Fauci said monoclonal antibody treatments should be made available to people who get infected with COVID-19 “whether or not they’re unvaccinated or vaccinated.” 

Treating patients equally, regardless of vaccination status, is paramount, Fauci told Garrett.

“You should make monoclonal antibodies available to people who get infected, whether or not they’re unvaccinated or vaccinated, you don’t discriminate against somebody because of their choice of getting vaccinated or not,” Fauci said. “You treat each person who gets infected as an individual who deserves the best possible care.”

As the government moves toward expanding the authorization of booster shots for Pfizer vaccine recipients, Fauci said he “doesn’t recommend” getting the boosters unless people are in eligible categories. But despite the fact that over 2 million have gone ahead and gotten a third shot. Fauci showed little concern.

“Since we have enough vaccines to not only vaccinate everybody, but boost everybody, I don’t think it hurts the larger system,” Fauci said.

Fauci, who has worked with seven U.S. presidents, also talked about the differences between the current one and his predecessor. He said he became a “bogeyman” for Trump supporters, while the Biden administration has an “entirely different approach” to COVID-19.

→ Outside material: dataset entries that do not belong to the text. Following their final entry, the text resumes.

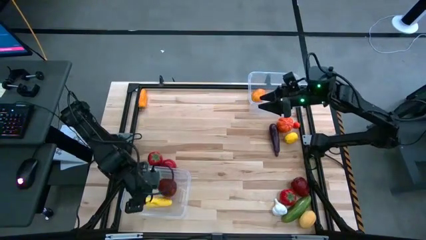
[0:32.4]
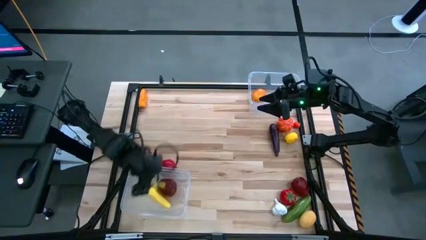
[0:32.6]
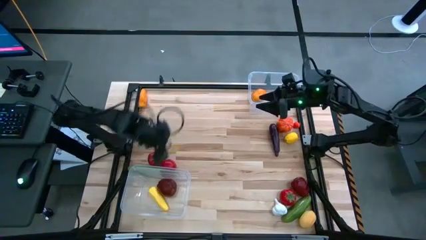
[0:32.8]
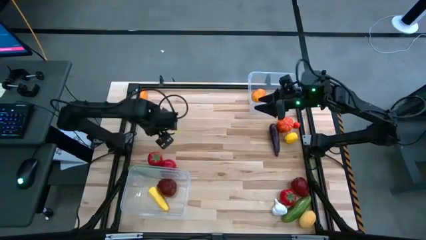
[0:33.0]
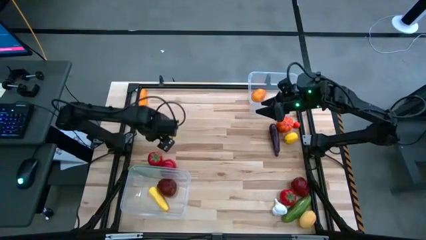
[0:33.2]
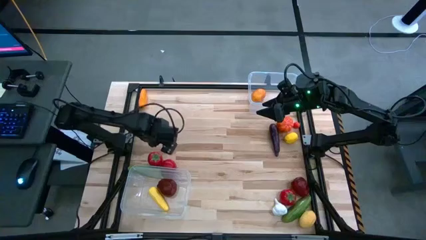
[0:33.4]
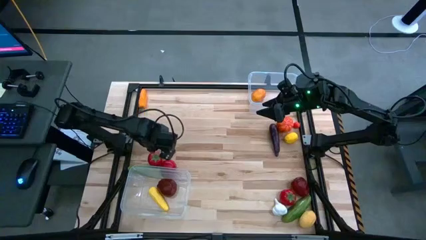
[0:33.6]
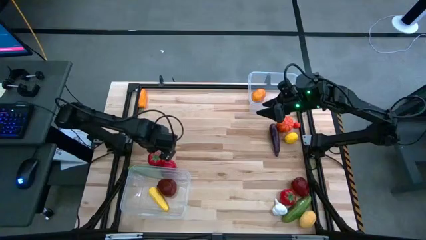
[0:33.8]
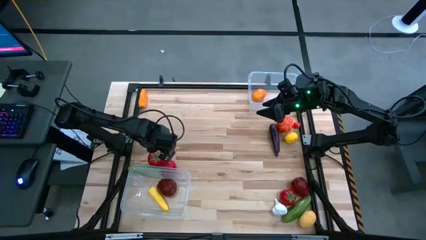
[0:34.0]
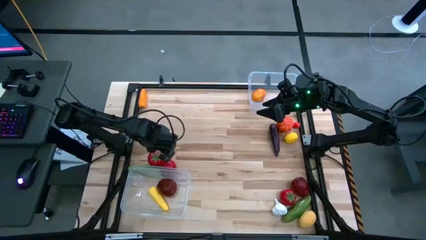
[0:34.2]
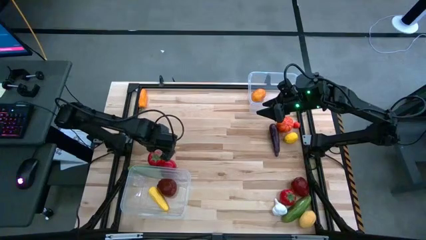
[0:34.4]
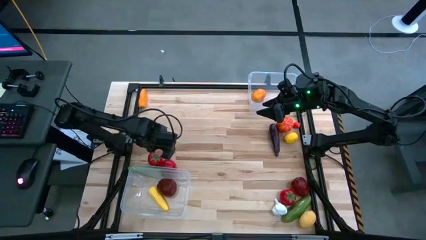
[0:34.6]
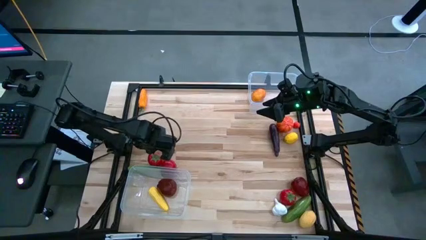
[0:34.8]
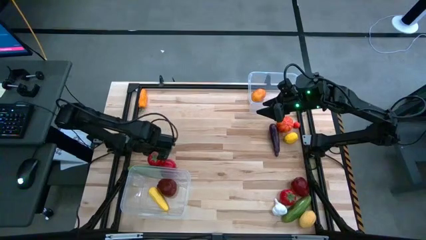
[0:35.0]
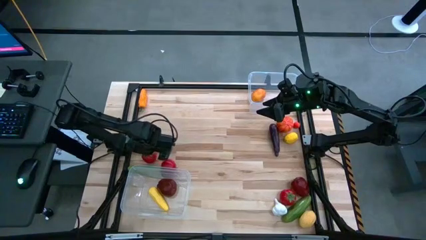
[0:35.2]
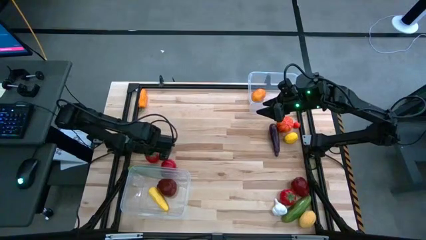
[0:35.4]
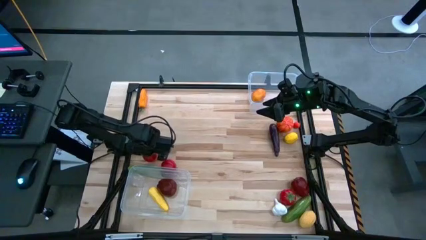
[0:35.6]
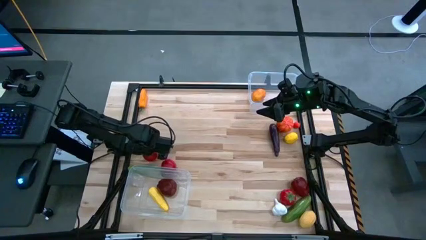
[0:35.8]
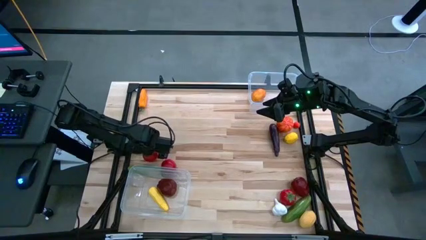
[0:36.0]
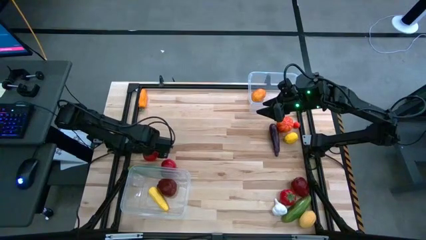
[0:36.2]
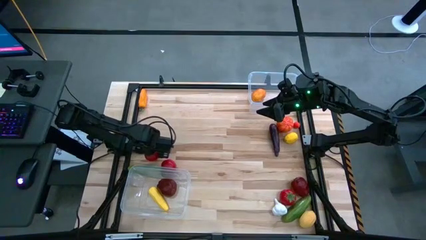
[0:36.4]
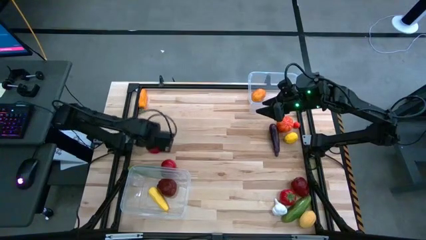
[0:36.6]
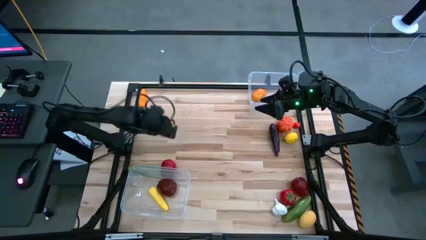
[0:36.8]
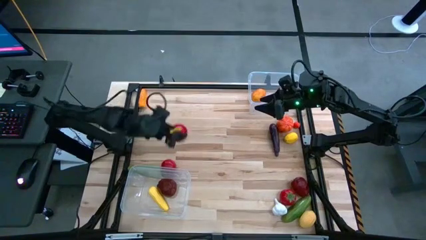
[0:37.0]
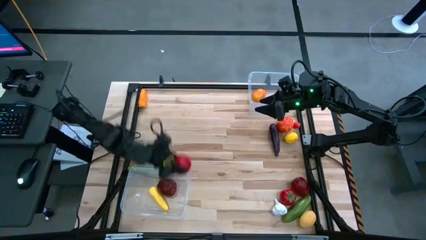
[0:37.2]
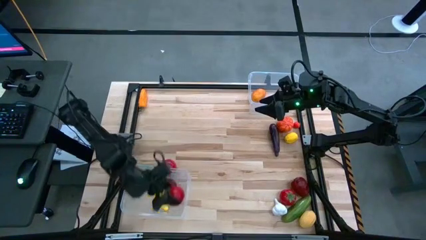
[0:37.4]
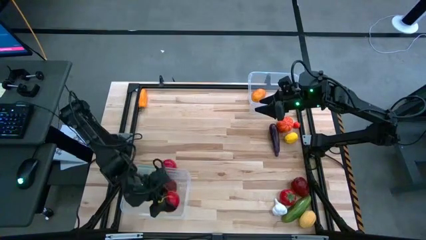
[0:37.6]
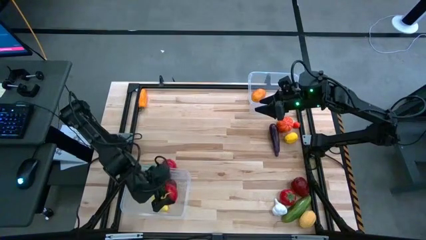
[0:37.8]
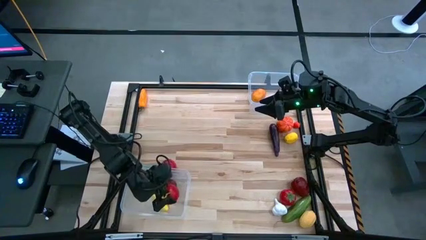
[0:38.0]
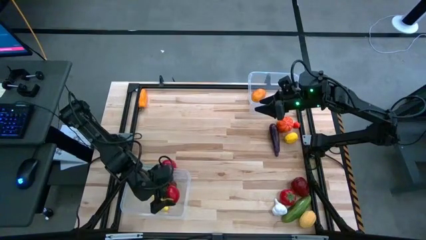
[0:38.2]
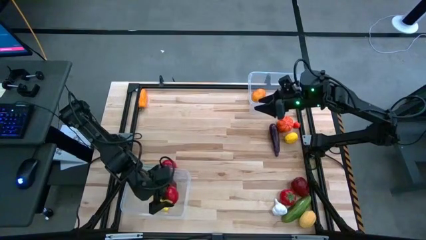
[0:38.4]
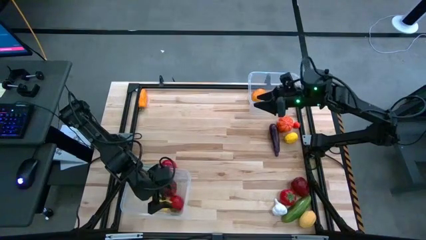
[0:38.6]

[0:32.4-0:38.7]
Task: Sort produce into baskets
Put the left red tomato into the bottom transparent bin

“One of the things that was a bit disturbing in the prior situation was anecdotal things were given almost as much weight as scientifically proven things. That I think was something that I had to speak up against,” Fauci said. “I became sort of the bogeyman for people, you know, who were very much pro-Trump and very much against me. And it was silly because it isn’t me against the president. I was not against the president at all.”

Fauci also addressed largely Republican accusations of “flip-flopping” on mask guidance and other coronavirus protections.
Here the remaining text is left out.